Unlike other research teams that focus on “universal” flu vaccines that could be administered once, like a MMR immunization, Dr. Ross’s team believes that the key to successfully implementing a “permanent” flu shot is to create one that needs to be repeated every three to five years. “That would be a great improvement over today because it would allow year-round production and make more people immune to a broader number of strains,” he said, noting that having to reformulate the vaccine less frequently would mean that there would be a significant decline in the number of “mismatches” during any given flu season; this is because the vaccine formula would not have to be predicted and go into manufacturing months before the actual flu season begins.

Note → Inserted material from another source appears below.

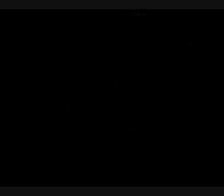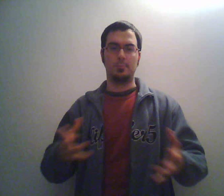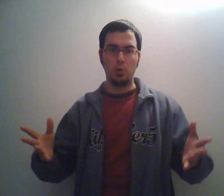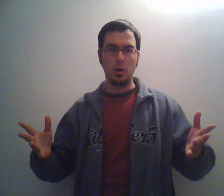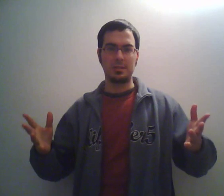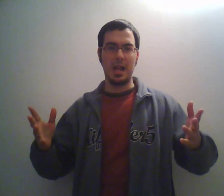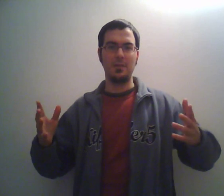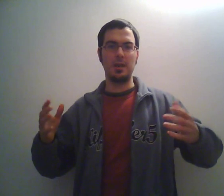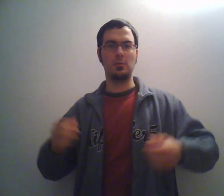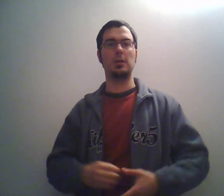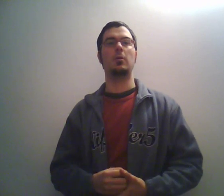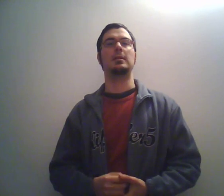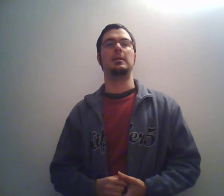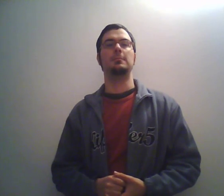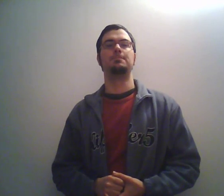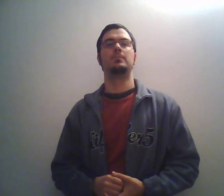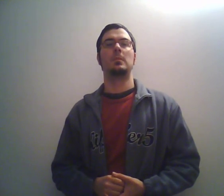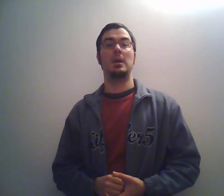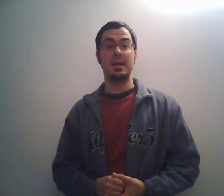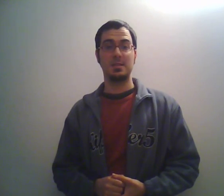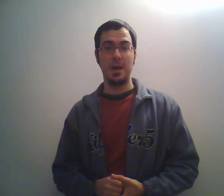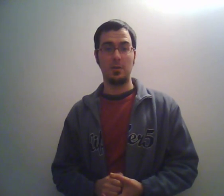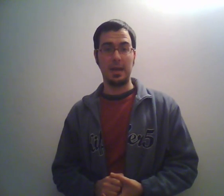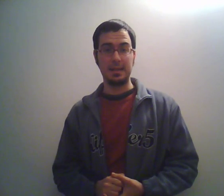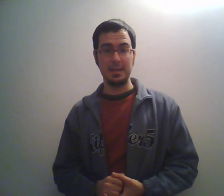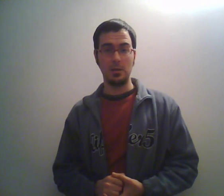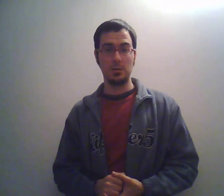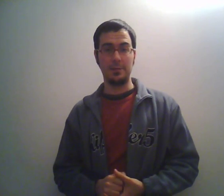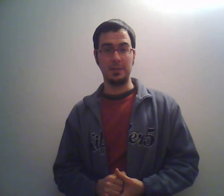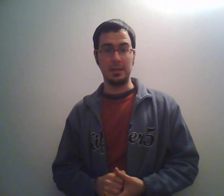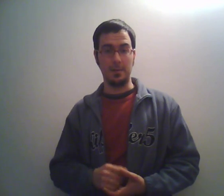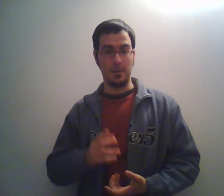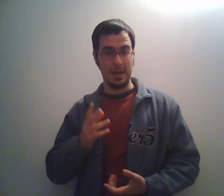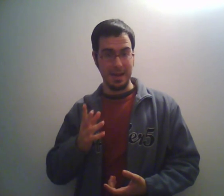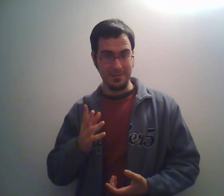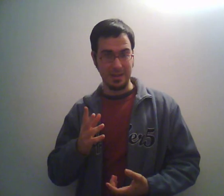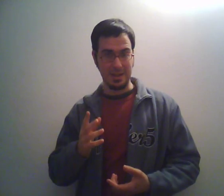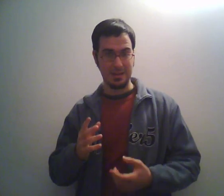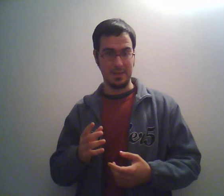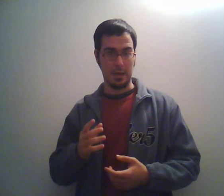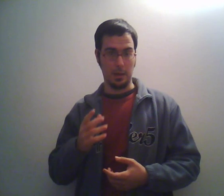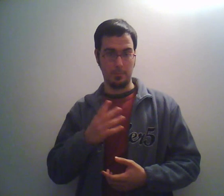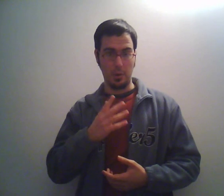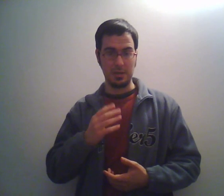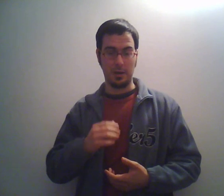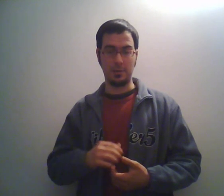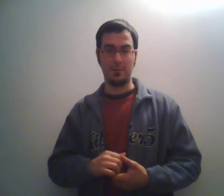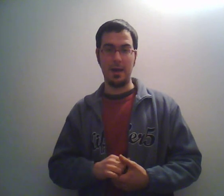Buon salve a tutti quanti, spero che il titolo del video e le avvertenze pochi secondi fa

“A universal program, even if it actually is a three-to-five-year program, will allow for vaccination all year round no matter the season,” Dr. Ross explained, adding that in addition to reducing the likelihood of vaccine shortages, this type of longer-lasting vaccine “should help reduce infections and hospitalizations because instead of just recognizing the dominant strain, it will pick up [and protect from] other strains as well. Even if the dominant strain accounts for 50 percent [of the infections] in a given season, that leaves half of all strains not currently picked up.”

Dr. Ross noted that even though his team is experiencing some success in animal testing studies, as an article published in the Journal of Virology in May 2016 attests, “It takes multiple rounds, [and] multiple phases before you get something to market.” He added that the group is in a licensing agreement with Sanofi Pasteur, the largest flu vaccine manufacturer in the world. “We hope to go to clinical trials in the near future,” he added.